You could make millions! :)

------
bunkat
Disappointed - I thought this was going to be an honest review about sock
puppets. I was hoping to see how well our mascot fared (<http://bidkat.com>)
;)

------
yoduh
Hypothesis: Yelp relies on blackmail.

Disprove it.

------
001sky
Sock Puppets. Tech Crunch: Completely Worthless or Only Mostly Worthless?

Seriously, though. Every source with a grain of salt.[1,2]

______________

[1] <http://paulgraham.com/submarine.html>: _"If anyone is dishonest,
it's...reporters. The main reason PR firms exist is that reporters are lazy.
Or, to put it more nicely, overworked. Really they ought to be out there
digging up stories for themselves. But it's so tempting to sit in their
offices and let PR firms bring the stories to them."_

[2] That's not a knock on this submission.
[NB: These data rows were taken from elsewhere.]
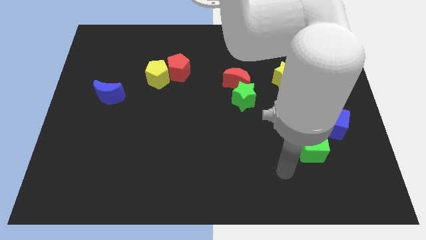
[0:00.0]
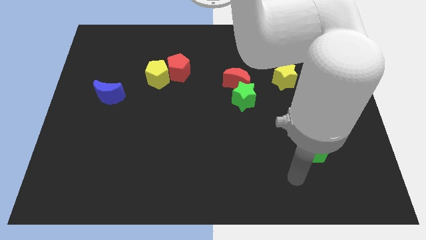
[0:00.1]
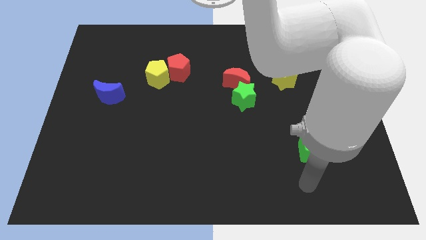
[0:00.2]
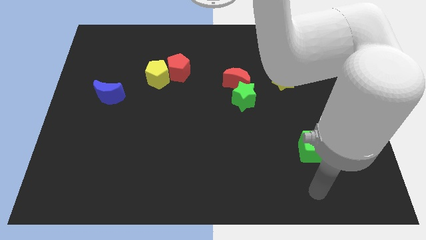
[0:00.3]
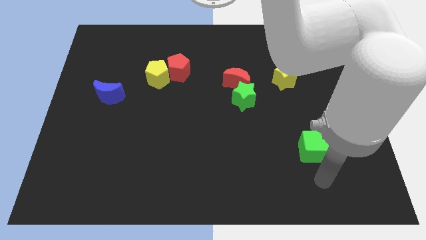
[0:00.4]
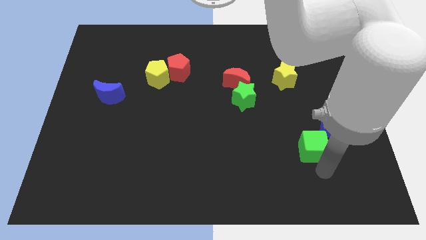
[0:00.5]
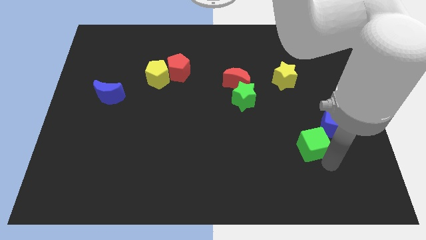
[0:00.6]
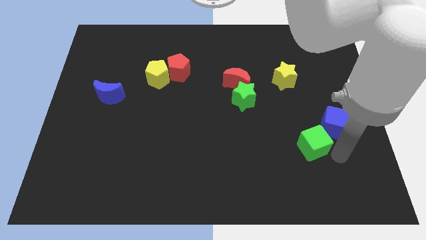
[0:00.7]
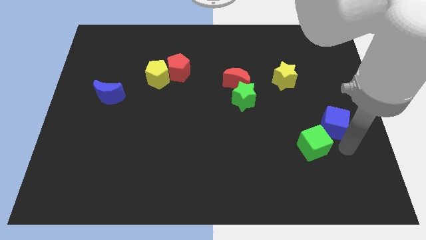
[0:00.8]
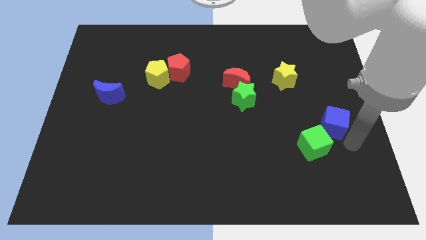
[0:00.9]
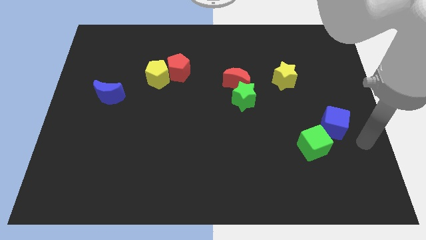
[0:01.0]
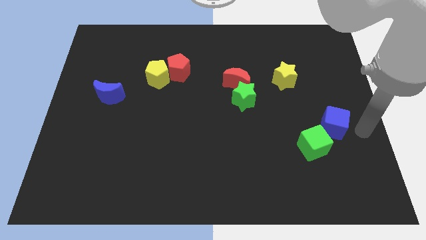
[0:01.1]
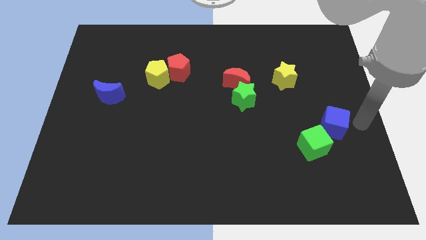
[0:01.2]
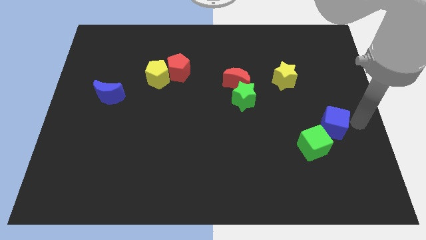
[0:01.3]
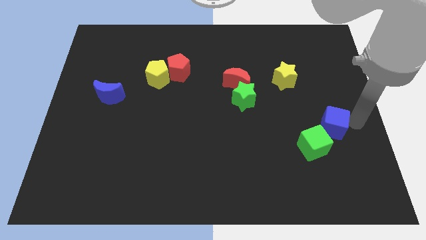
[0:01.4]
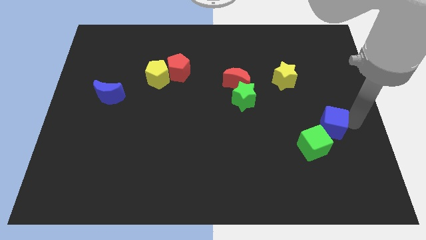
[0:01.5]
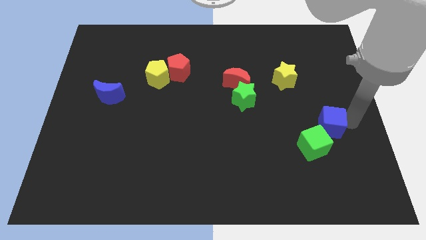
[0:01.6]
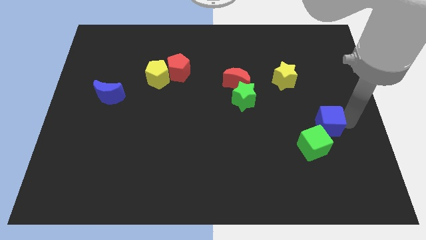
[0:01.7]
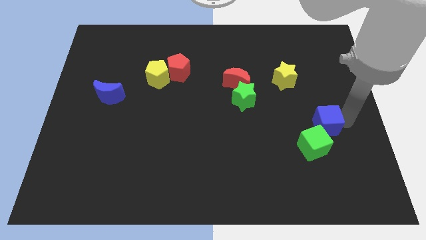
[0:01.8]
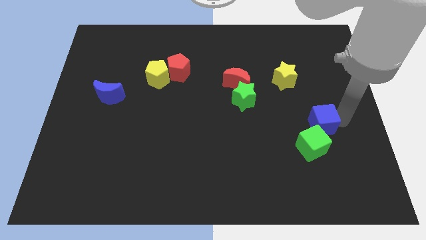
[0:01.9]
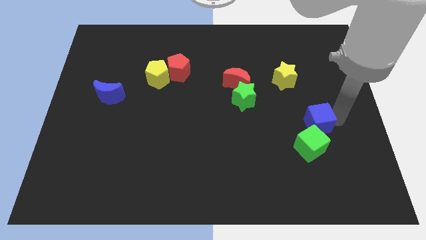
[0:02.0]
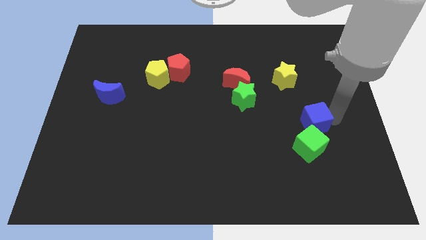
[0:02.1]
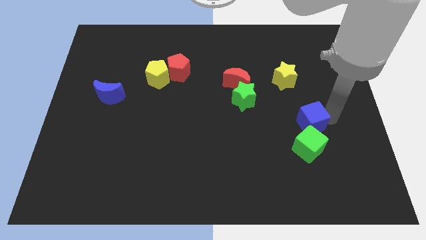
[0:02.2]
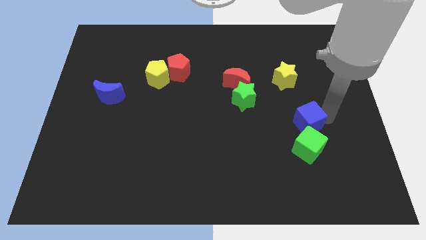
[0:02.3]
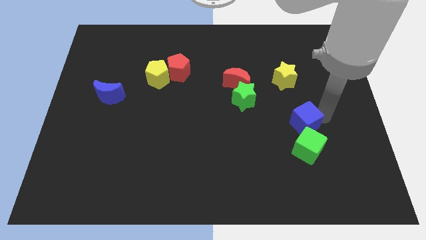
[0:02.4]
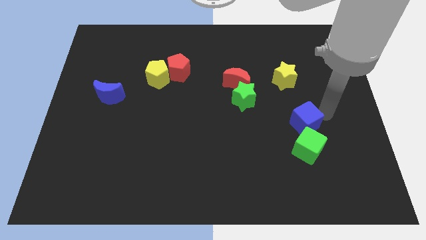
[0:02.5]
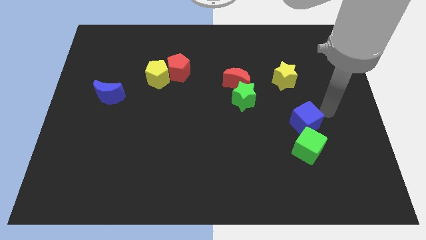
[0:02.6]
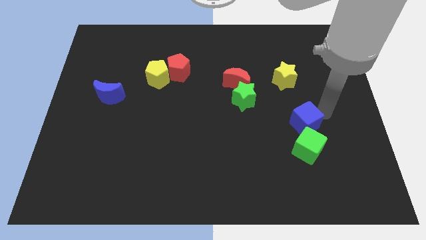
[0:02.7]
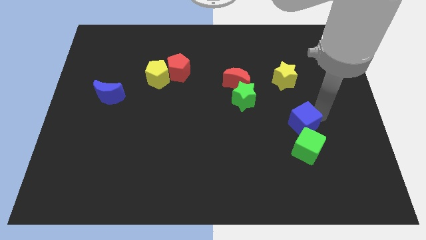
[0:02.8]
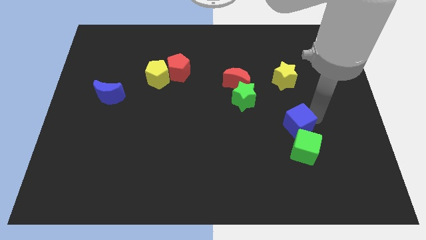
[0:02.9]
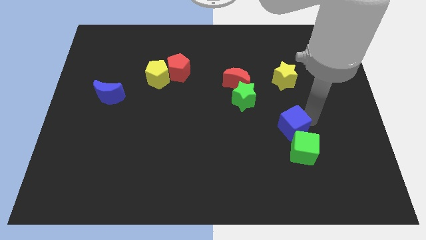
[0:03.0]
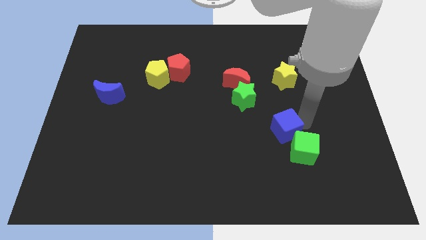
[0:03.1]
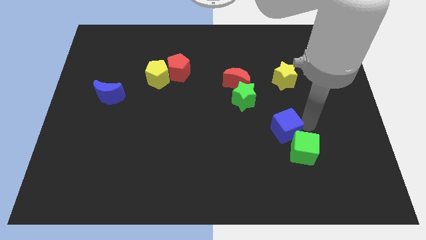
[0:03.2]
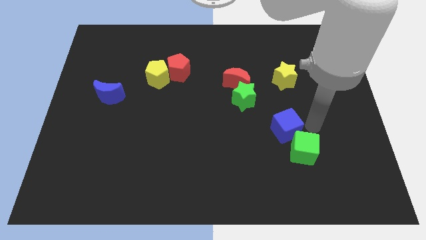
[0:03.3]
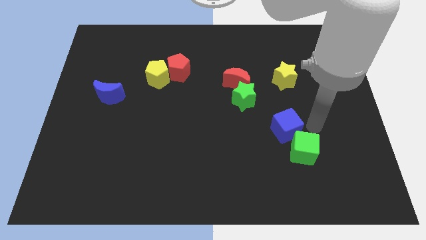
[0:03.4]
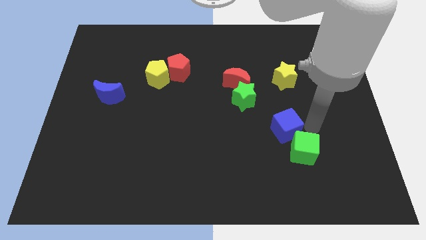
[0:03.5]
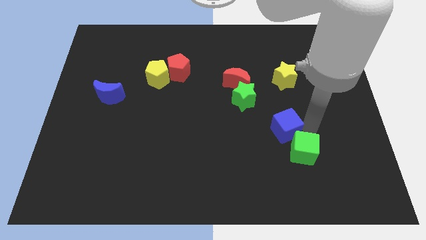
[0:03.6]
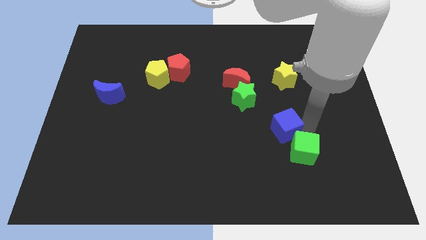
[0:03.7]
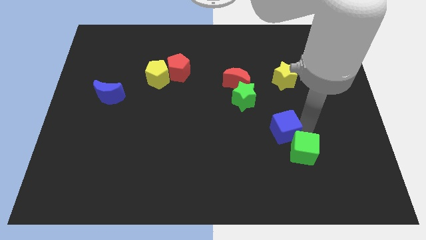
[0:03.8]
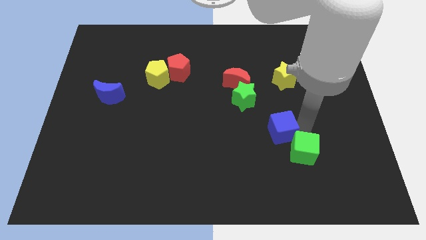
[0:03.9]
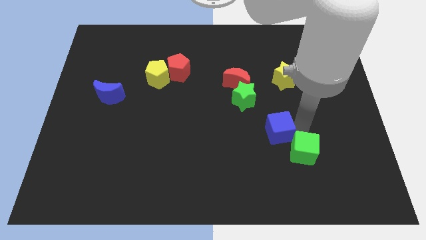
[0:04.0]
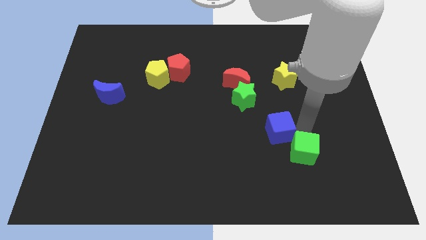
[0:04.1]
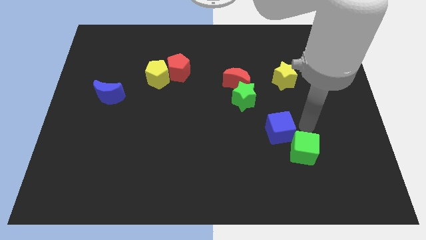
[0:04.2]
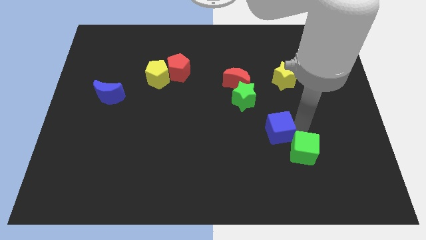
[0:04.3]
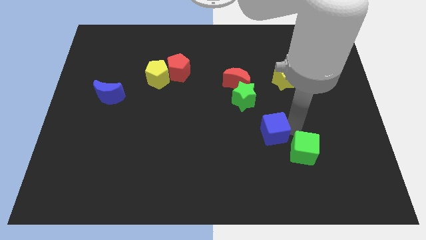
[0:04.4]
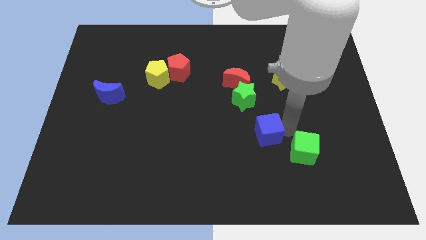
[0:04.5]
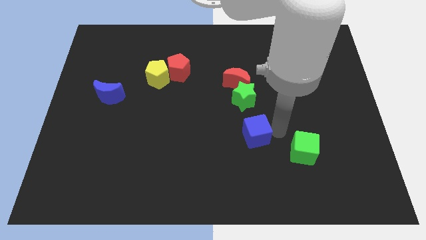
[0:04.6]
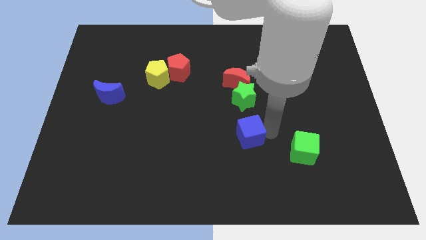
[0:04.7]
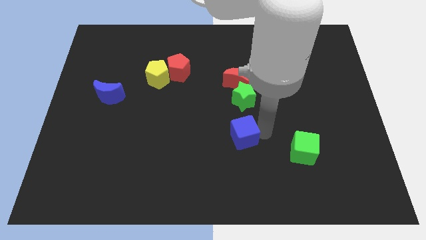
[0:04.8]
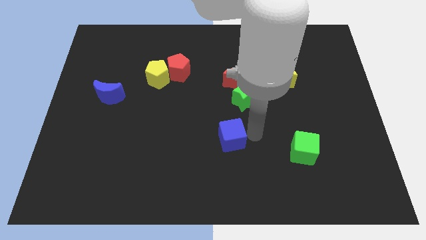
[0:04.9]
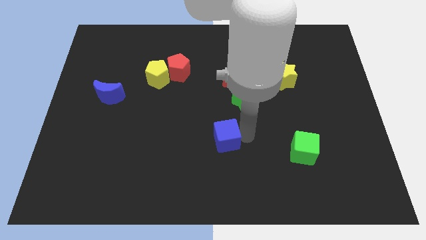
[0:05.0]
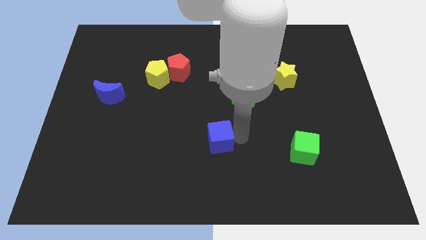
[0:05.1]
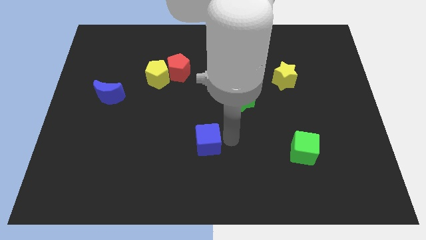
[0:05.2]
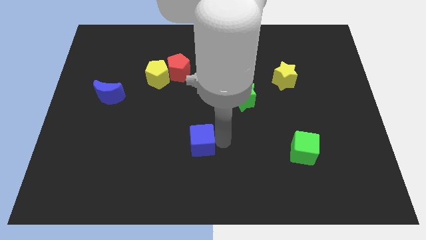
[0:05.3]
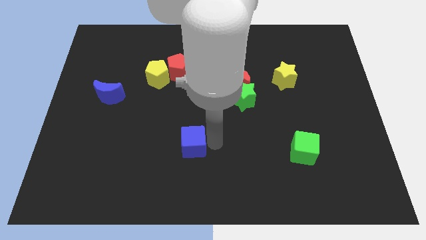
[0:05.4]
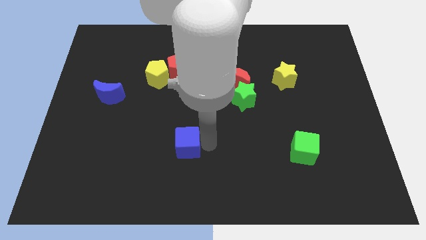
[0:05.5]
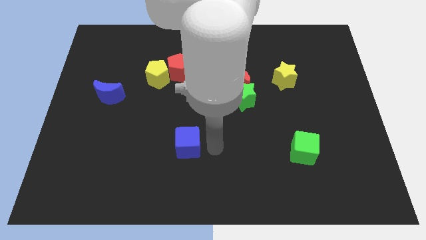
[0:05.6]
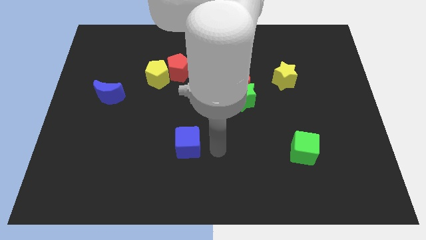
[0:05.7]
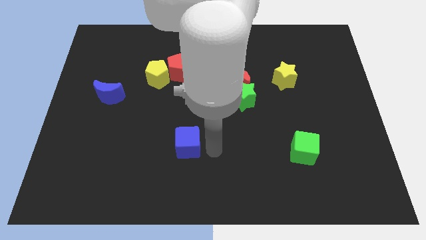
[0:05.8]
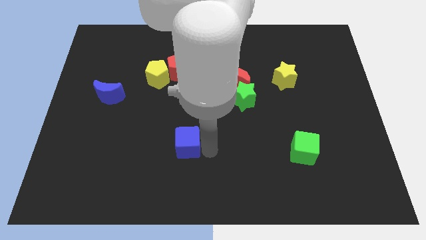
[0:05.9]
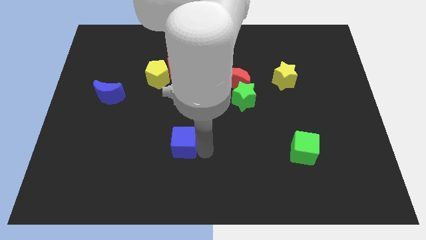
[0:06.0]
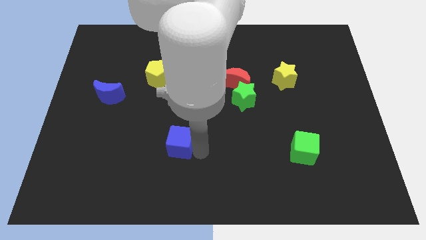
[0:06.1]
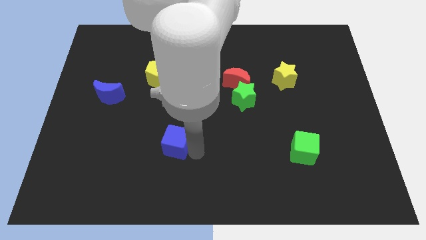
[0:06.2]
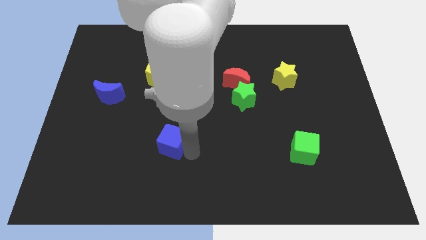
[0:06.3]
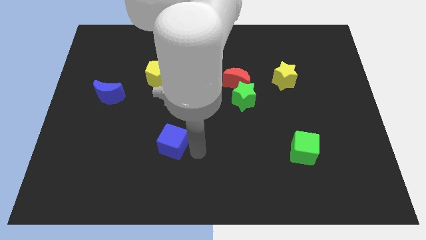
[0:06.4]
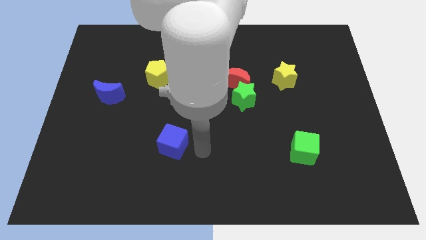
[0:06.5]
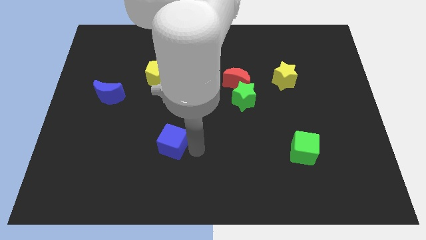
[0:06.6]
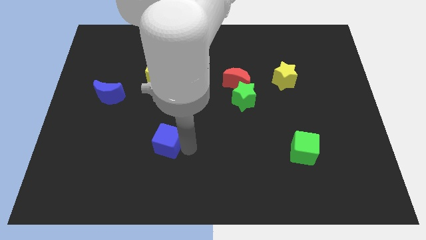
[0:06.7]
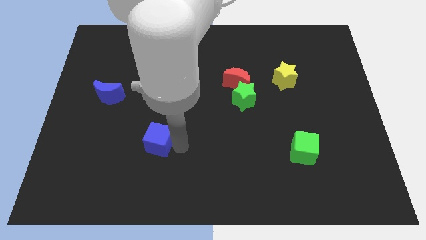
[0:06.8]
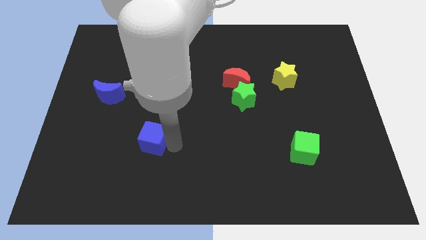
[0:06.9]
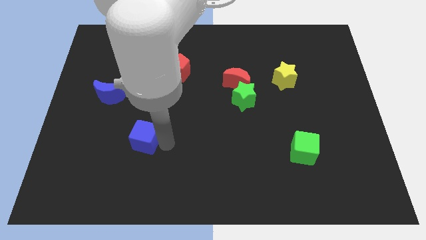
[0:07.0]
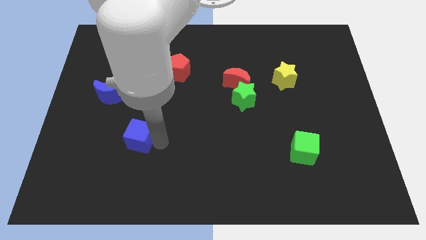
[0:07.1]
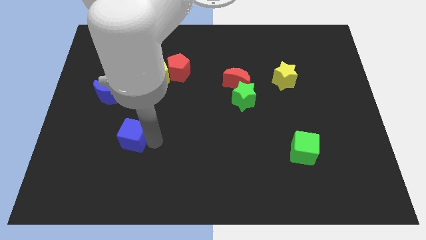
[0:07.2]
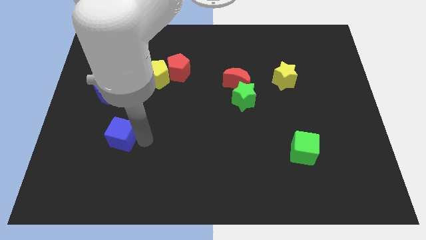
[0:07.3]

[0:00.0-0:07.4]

If anything, just an application
what we learned inside (ie,its principles). Or, as the author un-ironically
notes, _"Even the honest reviews are mostly written by people who are
stupid..."_. That sounds fair and objective, right?

------
quomopete
only somewhat. But techcrunch cant think outside of superlative and hyperbole.

------
agpen
"Real Actors Reading Yelp Reviews" justifies any amount of sock puppetry.